We have prepared some example data that has been subsampled to make them small and quick to run, and are supplied as gzipped (compressed) FastQ files here: /sw/courses/epigenomics/DNAmethylation/pipeline_bsseq_data/Sample1_PE_R[1,2].fastq.gz. This is mouse data so remember to use the correct genome to map to.

Running the pipeline 

Begin with making a fresh analysis directory in your home directory

cd /proj/naiss2023-23-349/nobackup/private/$USER
mkdir methylseq_analysis
cd methylseq_analysis

In this folder you can launch the analysis! For this, try to figure out the command you should run. Try to execute the methylseq pipeline with version 1.6.1 using the FastQ files mentioned above.

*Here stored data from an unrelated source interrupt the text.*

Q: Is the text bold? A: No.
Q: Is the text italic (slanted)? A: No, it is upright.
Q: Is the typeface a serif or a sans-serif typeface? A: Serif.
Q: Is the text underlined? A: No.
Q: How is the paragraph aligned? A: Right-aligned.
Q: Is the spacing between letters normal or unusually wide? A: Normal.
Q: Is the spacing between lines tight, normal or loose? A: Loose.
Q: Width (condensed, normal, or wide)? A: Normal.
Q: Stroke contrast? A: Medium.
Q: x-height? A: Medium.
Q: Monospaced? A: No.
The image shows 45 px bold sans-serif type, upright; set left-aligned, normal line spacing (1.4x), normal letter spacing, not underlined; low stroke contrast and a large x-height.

Remember the core Nextflow flags that you will need (one hyphen!)

-profile uppmax

Figure out the pipeline specific parameter flags that you will need (two hyphens!). Have a look at the list of parameters to get an idea which options are possible and make sure to use the essential parameters.

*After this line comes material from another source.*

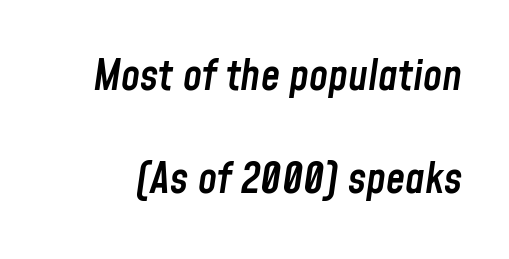
The image shows 43 px semibold, condensed type, italic (leaning right); set loose line spacing (2.4x), normal letter spacing, not underlined; low stroke contrast and a medium x-height.

--input '/sw/courses/epigenomics/DNAmethylation/pipeline_bsseq_data/Sample1_PE_R{1,2}.fastq.gz'
--aligner bismark
--project naiss2023-22-673
--genome mm10

If all goes well, your pipeline will run and kick off lots of jobs and merrily process the data! Once it’s finished, take a look in the results folder and see what it generated. A description of the outputs can be seen here. Again, this might take a while due to the job queue (1 hour +), so feel free to detach from the tmux session and return later.

minimal methylseq command

nextflow run $NF_CORE_PIPELINES/methylseq/1.6.1/workflow -profile uppmax --input '/sw/courses/epigenomics/DNAmethylation/pipeline_bsseq_data/Sample1_PE_R{1,2}.fastq.gz' --aligner bismark --project naiss2023-22-673 --genome mm10

Getting help 

Please have a look at the nf-core website to see which pipelines are available (53 as of now!) and browse their thorough documentation.

Remember that you’re not on your own! If you’re still struggling after checking the documentation, jump on to the nf-core Slack and ask for help.

Every pipeline has it’s own Slack channel (eg. #atacseq, #chipseq etc) where people will be happy to help.